You'll almost always be better off putting your extra cash into index funds instead of overpaying a mortgage.
Index funds historically return ~7% long-term, while your mortgage will likely be 3-5%. By overpaying a mortgage, you're missing out on an extra 2-4%: it's better to pay ~4% in order to get a gain of ~7% elsewhere.
Not to mention that every cent you put in to your mortgage is now locked in to your home equity, meaning it's difficult to access that money if you need it. You can sell your stock holdings and have the cash in a matter of days. Accessing the money you put in to mortgage repayment probably means taking out a HELOC or similar, which takes time and requires getting approved for the loan. If you're in a particularly bad situation, this might not even be plausible. And you'll pay extra interest for the privilege of accessing your own wealth.

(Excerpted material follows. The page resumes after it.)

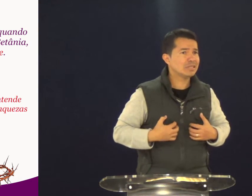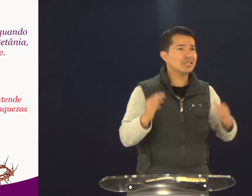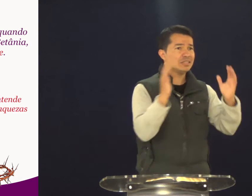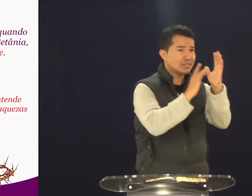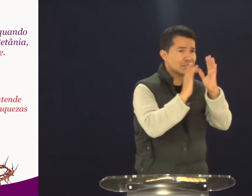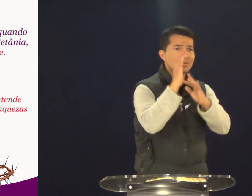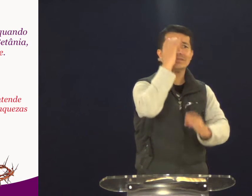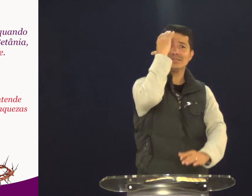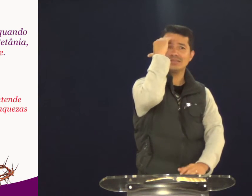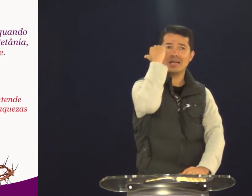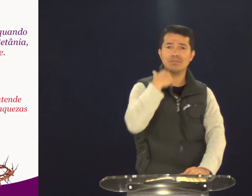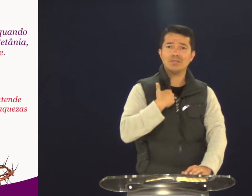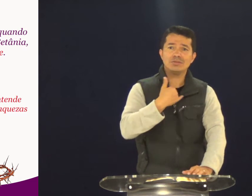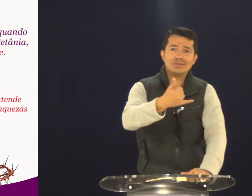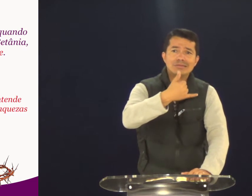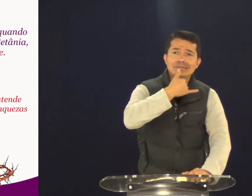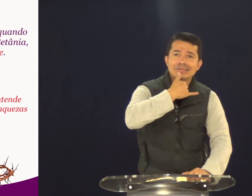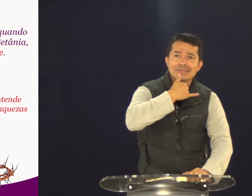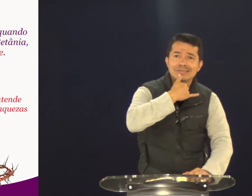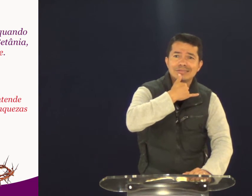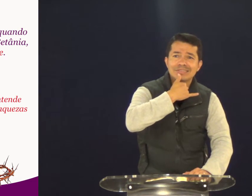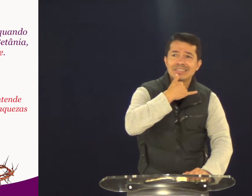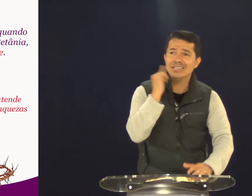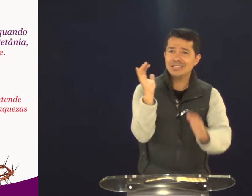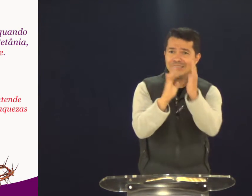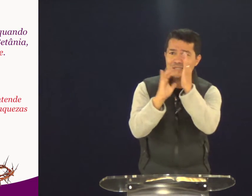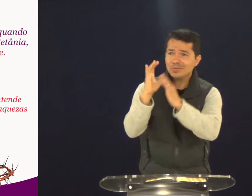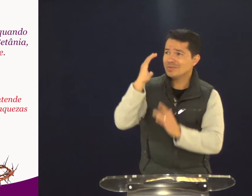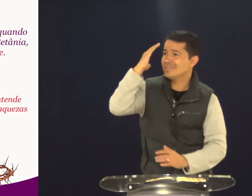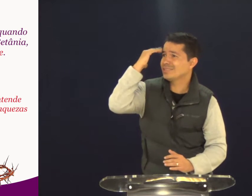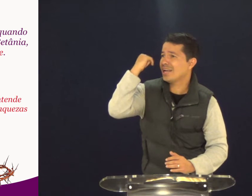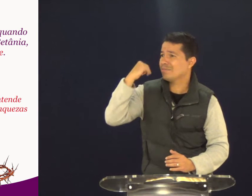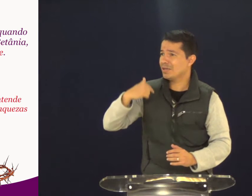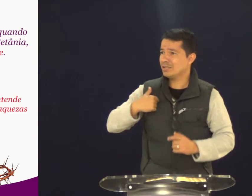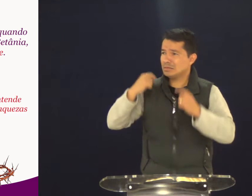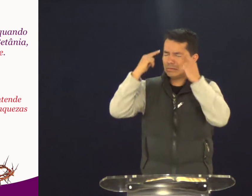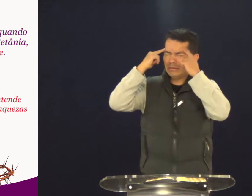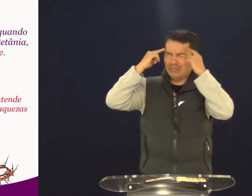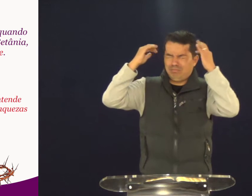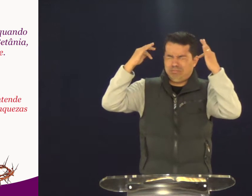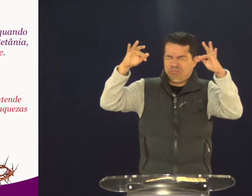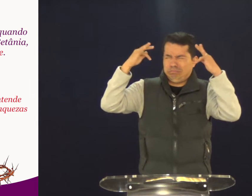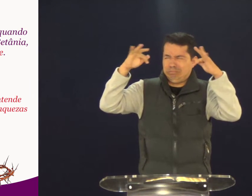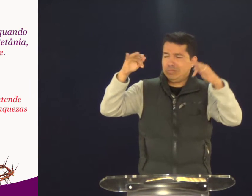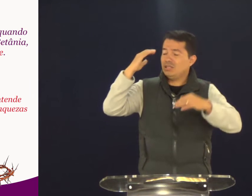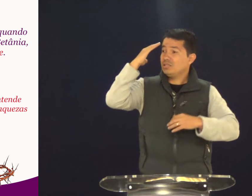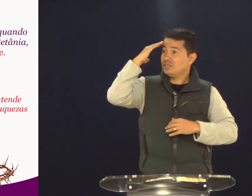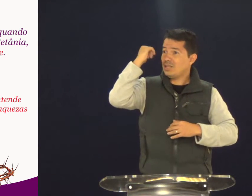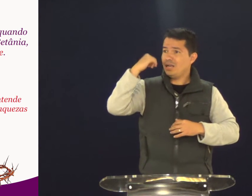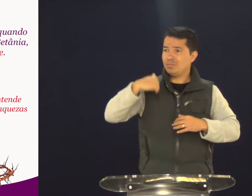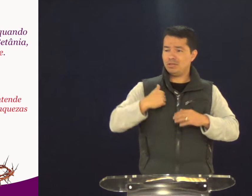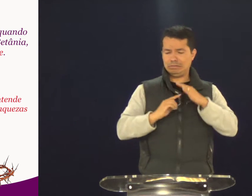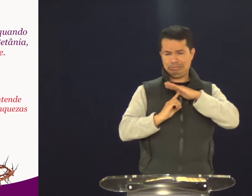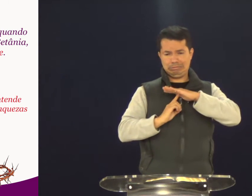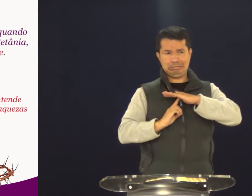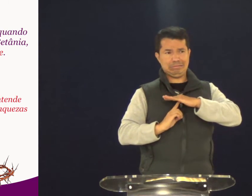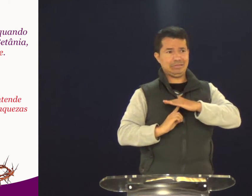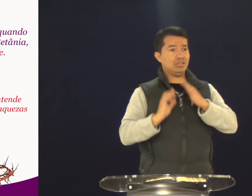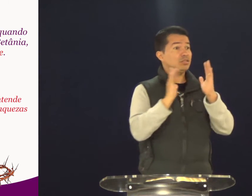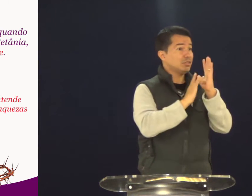minhas aflições. Jesus sabe da minha tristeza. Sabe das minhas dificuldades, das minhas

On top of all of that, the tax implications are bad too. Long-term capital gains rates are low. Mortgage interest you pay is deductible. You lose both those benefits by overpaying your mortgage instead of investing the cash.
Of course, in fairness, early repaying a mortgage is a guaranteed return of 4%, while investing in the markets carries risk. However, in OP's situation—where they likely won't need any of this extra cash on short notice—you can ride out down markets and sell once they've recovered.
Also, people often say that you shouldn't invest money that you don't need in less than five years. The present time is a good example of that. So, treating securities investments as liquid in periods smaller than that is dangerous.
Assessing potential risk is just as important as assessing gains.
1. Don't make any sudden changes! Think for a least a month before making any big purchase, sometimes it still is desirable after waiting, sometimes it is not! You got this far without it so far, so another month isn't a big deal.
2. Use a tool like projectionlab.com or a spreadsheet to calculate how much you want to be saving for retirement. If you're maxing out tax-advantaged accounts that is pretty good already, but it is good to have a target for how much to save each year on top of that.
3. Try to keep your "burn rate" low. I think it is better to try and keep your long term recurring costs based off of your old salary as long as possible. Pay cash for any fun things, so if you lost your job tomorrow you don't have big obligations like a huge mortgage or lease payments.
The term I heard is HENRY - High Earner, Not Rich Yet! A lot of people spend it as soon as they make it and never accumulate wealth.
Good dinners are more affordable than fancy ones (even if you eat out for both, you get more for your money at an "average" restaurant than a top class one that exists only to show other people how much money one has).
I'd mainly focus on the things that take up at minimum 1/5th of your lives: Bed quality is nice to improve, keyboard/mouse/screen/computer, shoes, etc.
whatever amount spent, just make sure your savings are always increasing, the faster the better, but don't feel the need to over-do it.
but past that, invest a portion of your savings, since banks rarely meet inflation rates.
Index funds, housing, crypto if you feel daring, etc, don't invest too much (especially if monkeypox becomes a full-blown thing), but also don't invest too little, (or you are basically losing money over time)
and then through that, your retirement will arrive earlier
Maybe enjoy some extra travel but otherwise I try to be pretty anti-consumption soas not to get swept up in the hedonistic treadmill involved with keeping up with the Joneses.
I’m not in the extreme thrift camp but we have no debt aside from mortgage and aren’t into conspicuous consumption. Our van is an 03.